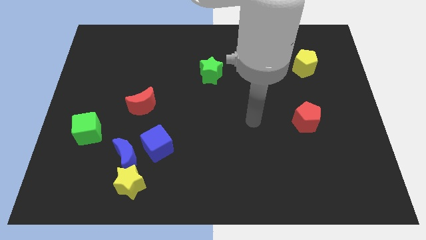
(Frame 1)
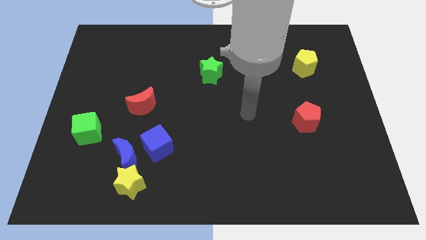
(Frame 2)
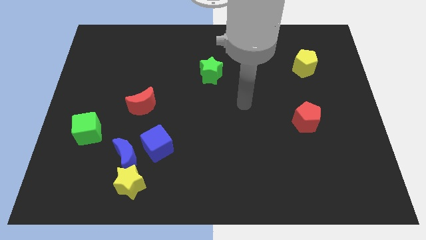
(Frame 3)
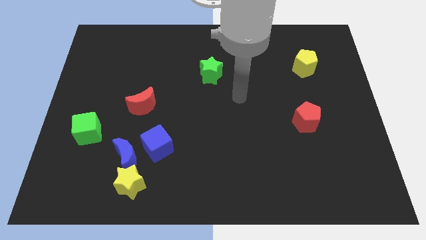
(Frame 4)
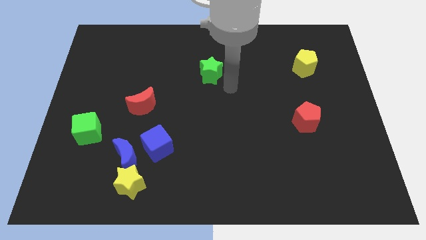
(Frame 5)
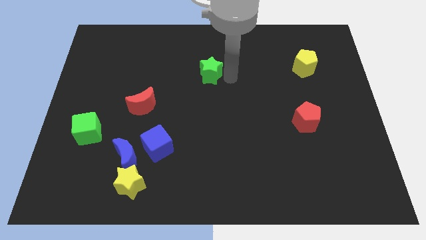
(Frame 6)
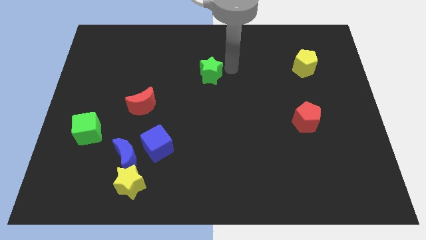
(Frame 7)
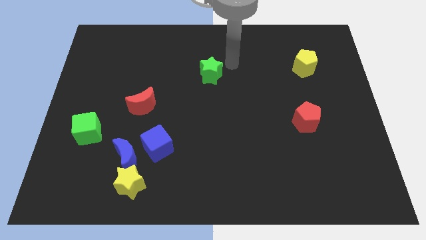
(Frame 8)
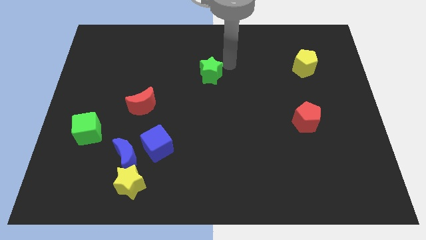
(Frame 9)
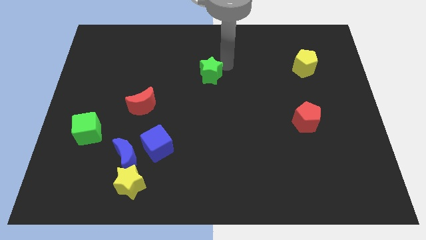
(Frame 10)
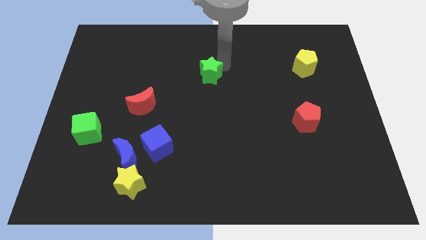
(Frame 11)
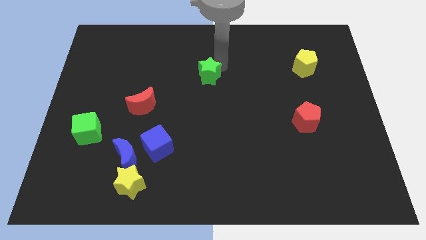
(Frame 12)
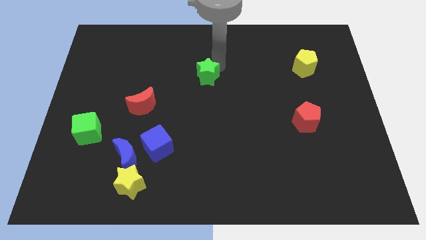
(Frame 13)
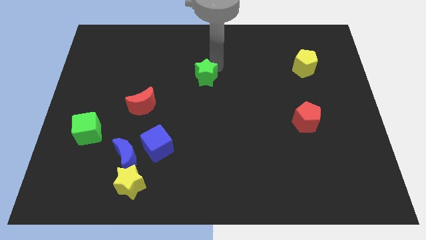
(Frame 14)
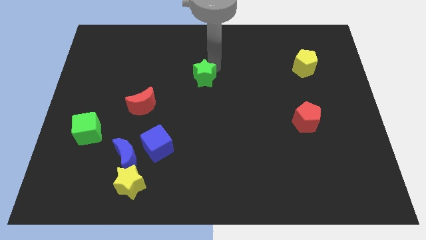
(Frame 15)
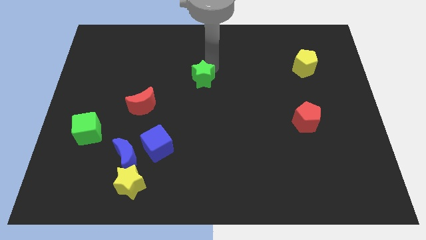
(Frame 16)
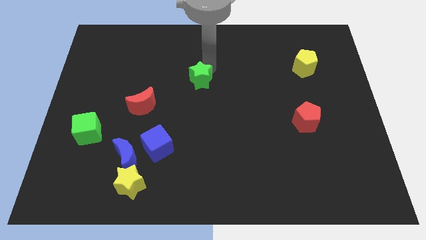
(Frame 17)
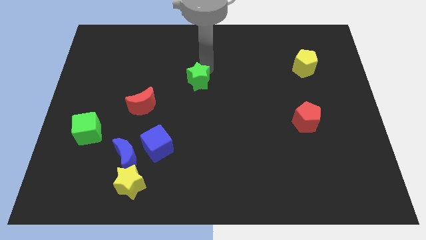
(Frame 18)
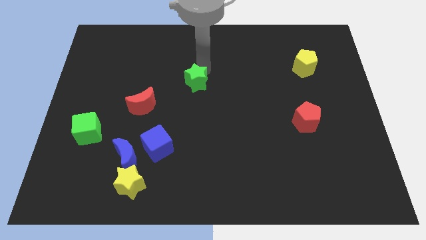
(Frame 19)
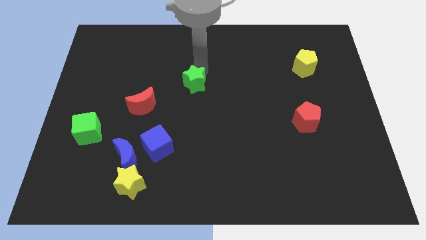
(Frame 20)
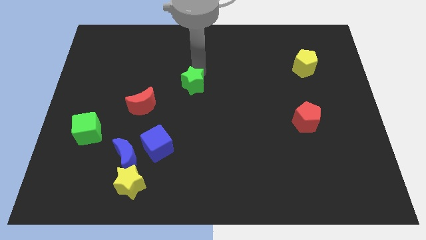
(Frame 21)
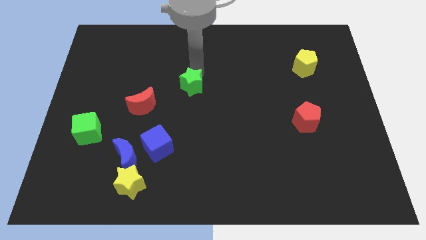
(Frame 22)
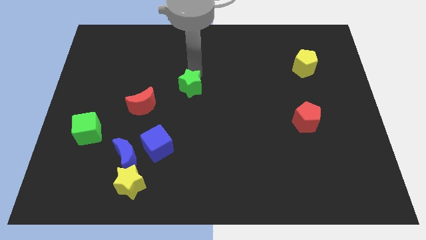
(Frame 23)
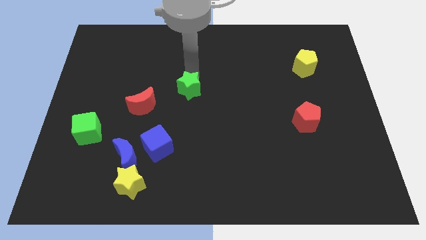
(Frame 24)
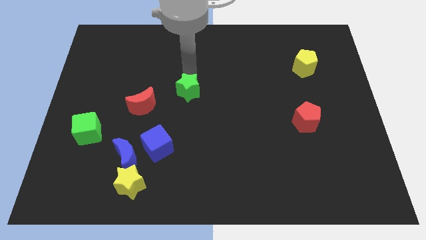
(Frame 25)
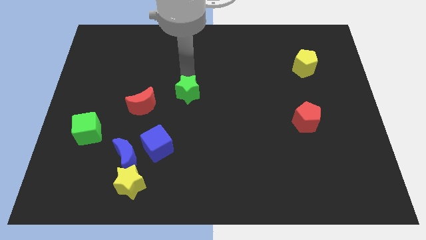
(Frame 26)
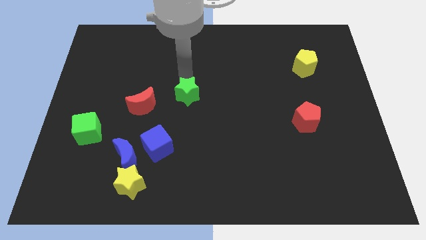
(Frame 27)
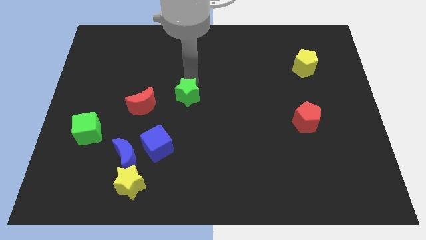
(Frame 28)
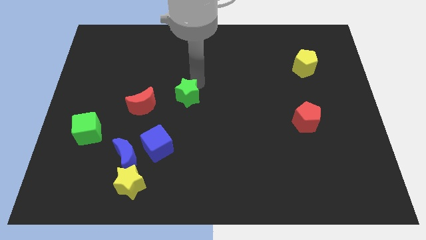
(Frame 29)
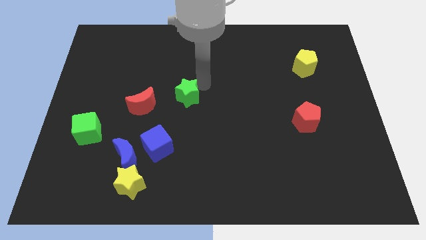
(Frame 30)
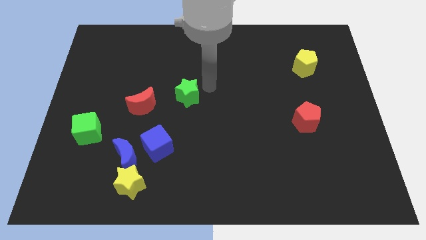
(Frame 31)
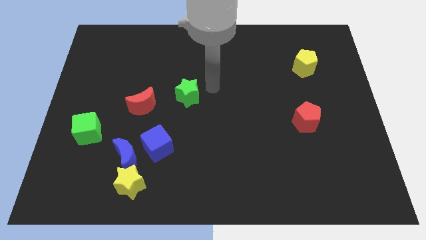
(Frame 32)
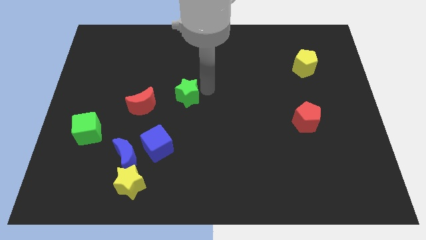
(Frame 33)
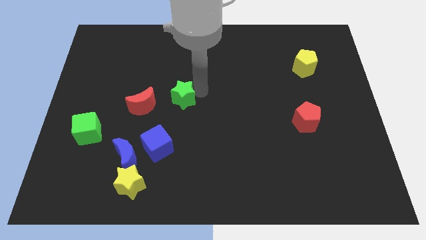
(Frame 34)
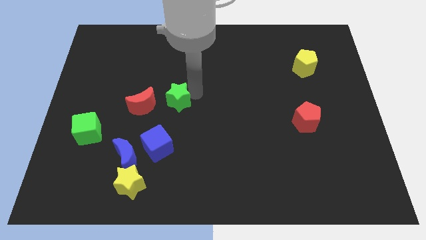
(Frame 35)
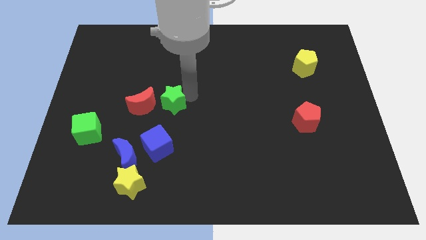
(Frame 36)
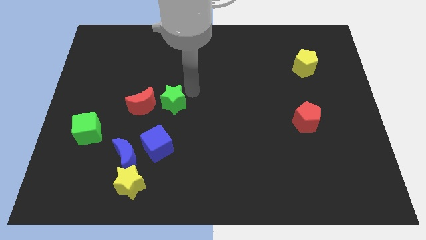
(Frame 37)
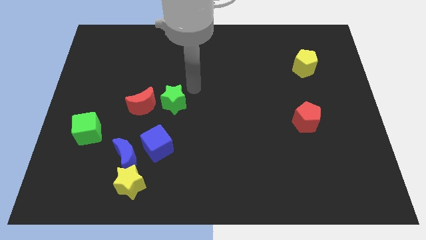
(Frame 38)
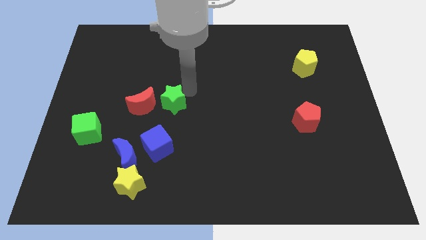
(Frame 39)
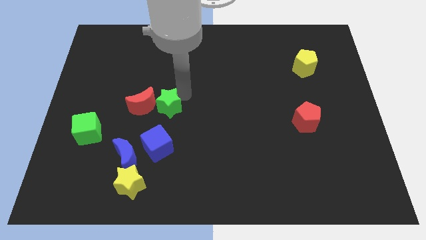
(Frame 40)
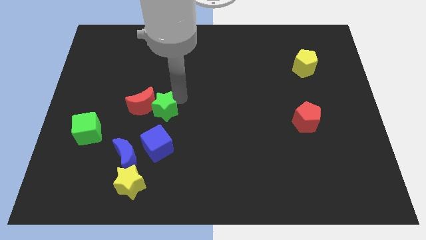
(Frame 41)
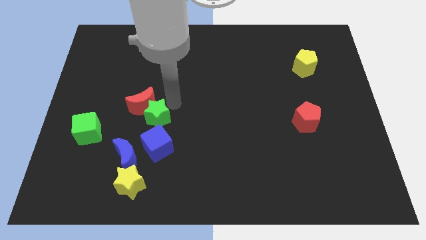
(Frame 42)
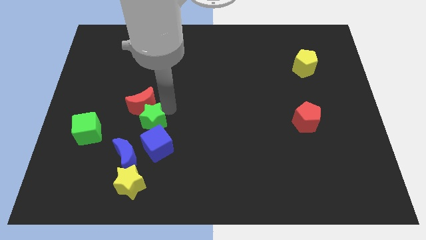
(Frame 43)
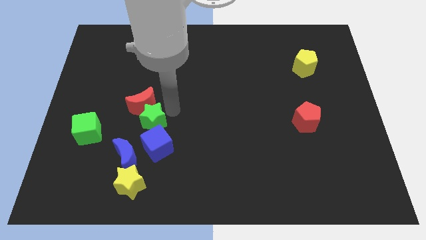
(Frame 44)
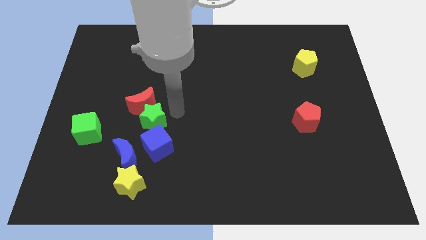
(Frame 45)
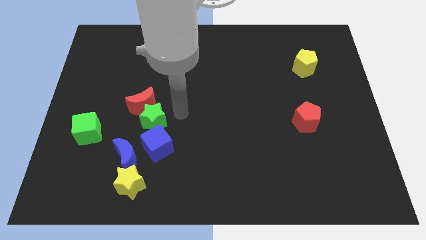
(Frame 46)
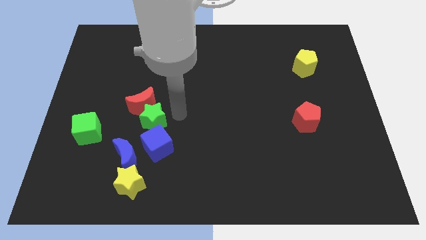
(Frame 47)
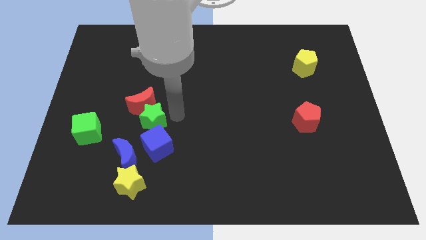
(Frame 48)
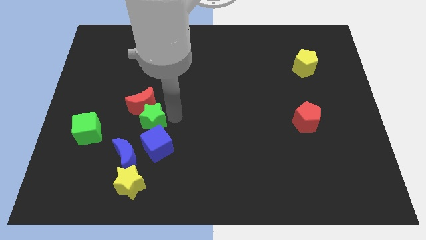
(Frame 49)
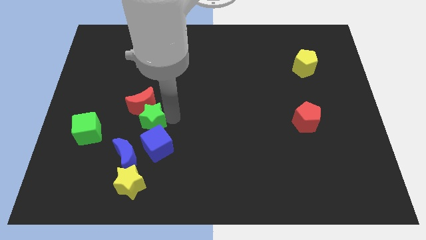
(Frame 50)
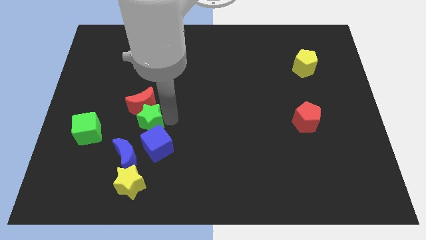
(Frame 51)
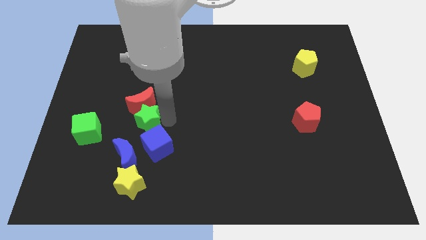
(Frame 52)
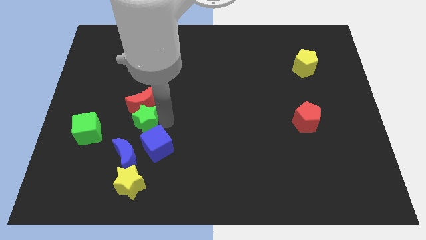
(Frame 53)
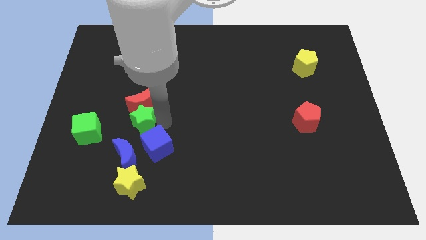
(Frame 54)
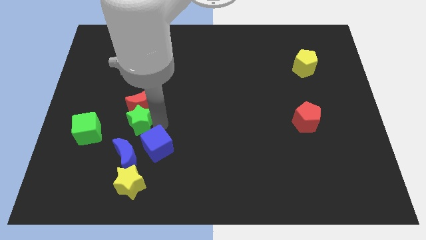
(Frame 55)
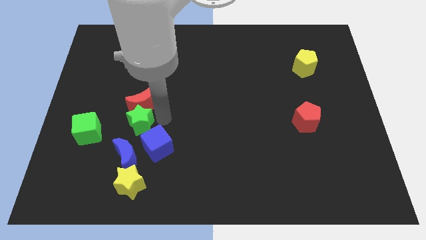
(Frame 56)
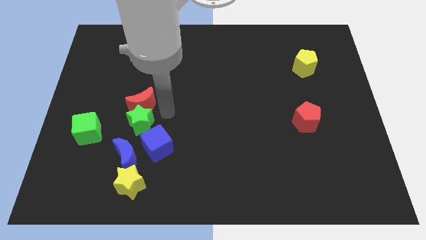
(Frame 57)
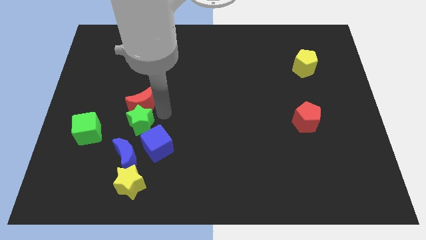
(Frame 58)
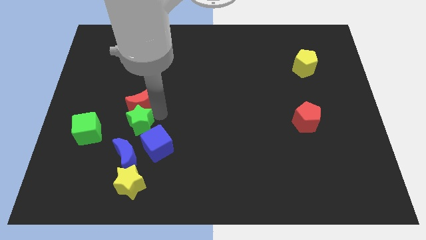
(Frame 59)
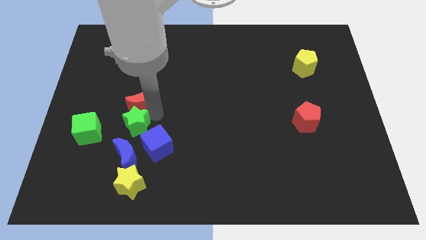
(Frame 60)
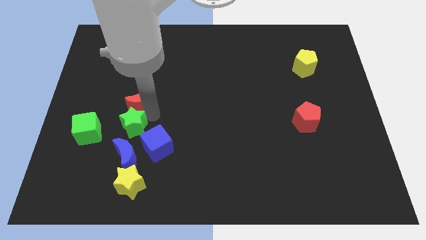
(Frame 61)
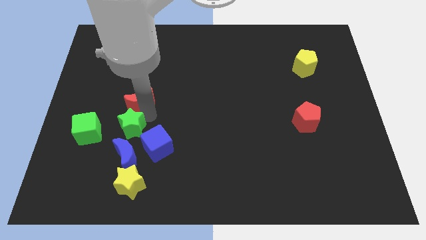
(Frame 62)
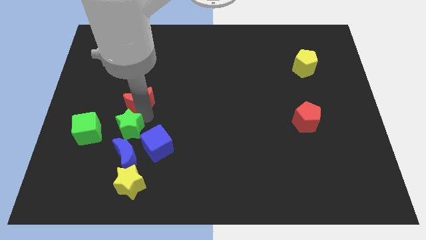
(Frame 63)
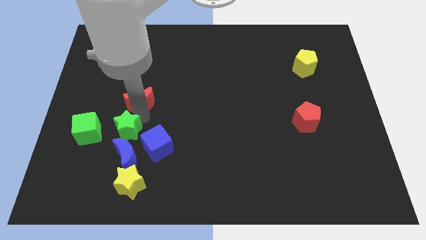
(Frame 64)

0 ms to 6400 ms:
push the green star to the top left of the blue moon
☆ ☆ ☆ ☆
> How to complete this task
Take the entries above and set them down exactly, minus the pictures.

> Answer
(Frame 1)
(Frame 2)
(Frame 3)
(Frame 4)
(Frame 5)
(Frame 6)
(Frame 7)
(Frame 8)
(Frame 9)
(Frame 10)
(Frame 11)
(Frame 12)
(Frame 13)
(Frame 14)
(Frame 15)
(Frame 16)
(Frame 17)
(Frame 18)
(Frame 19)
(Frame 20)
(Frame 21)
(Frame 22)
(Frame 23)
(Frame 24)
(Frame 25)
(Frame 26)
(Frame 27)
(Frame 28)
(Frame 29)
(Frame 30)
(Frame 31)
(Frame 32)
(Frame 33)
(Frame 34)
(Frame 35)
(Frame 36)
(Frame 37)
(Frame 38)
(Frame 39)
(Frame 40)
(Frame 41)
(Frame 42)
(Frame 43)
(Frame 44)
(Frame 45)
(Frame 46)
(Frame 47)
(Frame 48)
(Frame 49)
(Frame 50)
(Frame 51)
(Frame 52)
(Frame 53)
(Frame 54)
(Frame 55)
(Frame 56)
(Frame 57)
(Frame 58)
(Frame 59)
(Frame 60)
(Frame 61)
(Frame 62)
(Frame 63)
(Frame 64)

0 ms to 6400 ms:
push the green star to the top left of the blue moon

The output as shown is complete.